INSTRUCTIONS TO FOLLOW » Every record below is to be retyped exactly, with any pictures left out.

[Source data]
++++++++++++++++++++

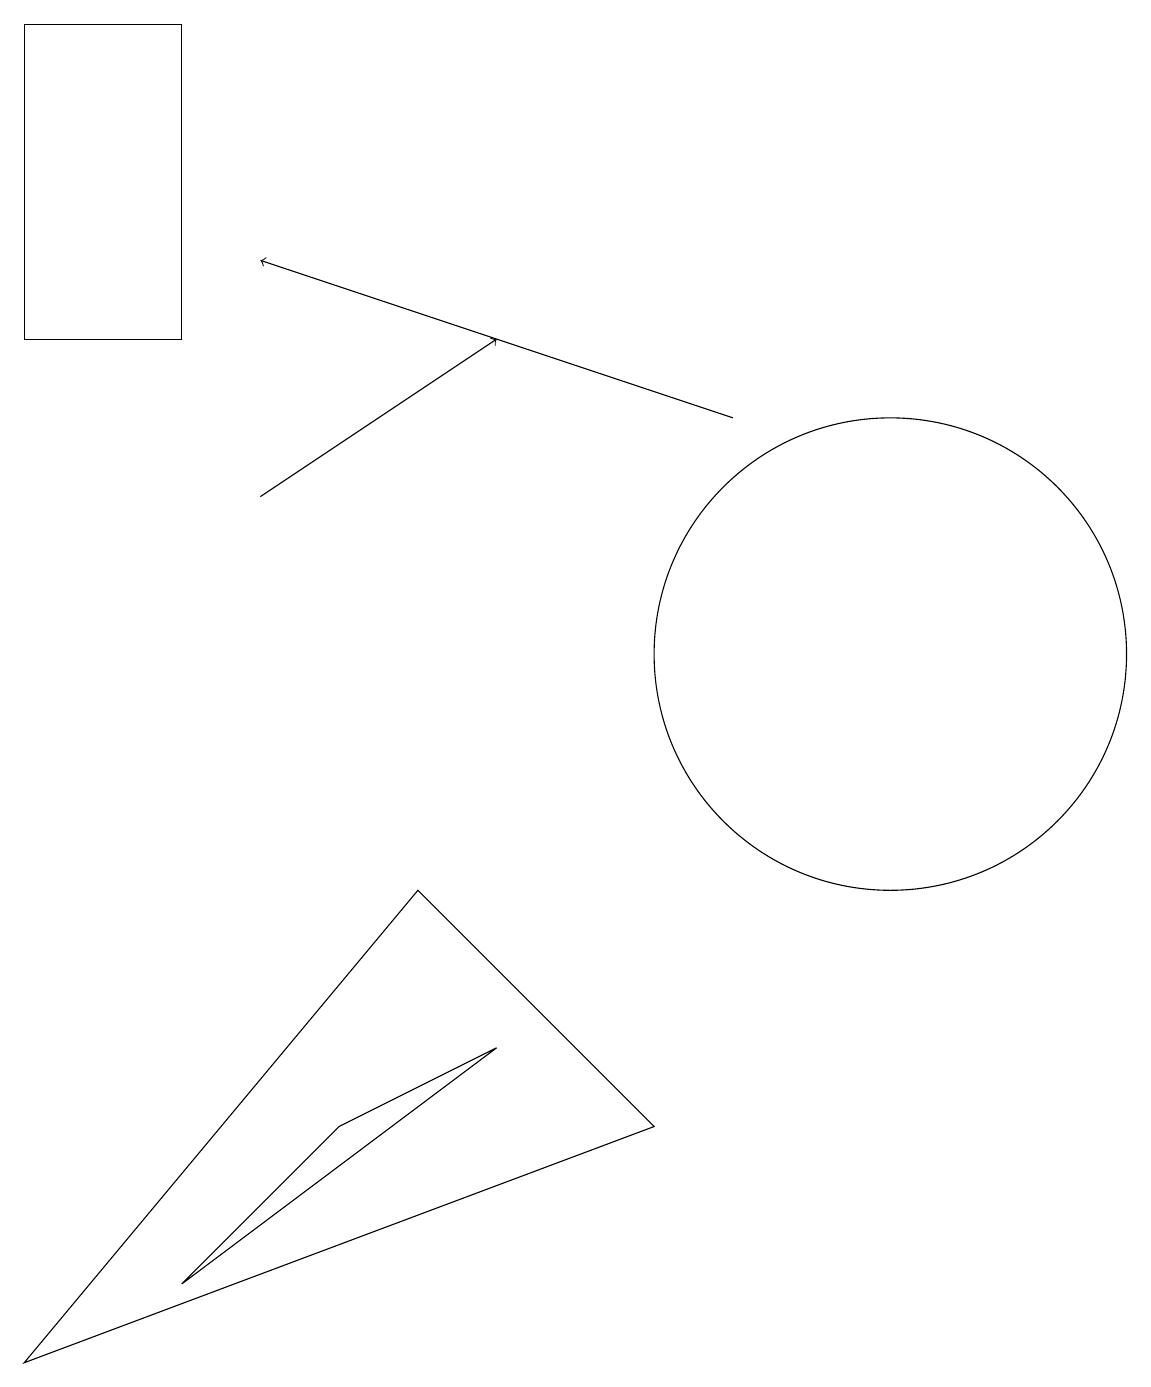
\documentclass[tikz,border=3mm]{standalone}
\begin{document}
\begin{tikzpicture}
\draw (6,6) -- (2,3) -- (4,5) -- cycle;
\draw (0,15) rectangle (2,19);
\draw[->] (3,13) -- (6,15);
\draw (8,5) -- (5,8) -- (0,2) -- cycle;
\draw[->] (9,14) -- (3,16);
\draw (11,11) circle (3);
\draw (11,12) circle (0);
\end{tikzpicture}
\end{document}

++++++++++++++++++++

RESULT BELOW »
\documentclass[tikz,border=3mm]{standalone}
\begin{document}
\begin{tikzpicture}
\draw (6,6) -- (2,3) -- (4,5) -- cycle;
\draw (0,15) rectangle (2,19);
\draw[->] (3,13) -- (6,15);
\draw (8,5) -- (5,8) -- (0,2) -- cycle;
\draw[->] (9,14) -- (3,16);
\draw (11,11) circle (3);
\draw (11,12) circle (0);
\end{tikzpicture}
\end{document}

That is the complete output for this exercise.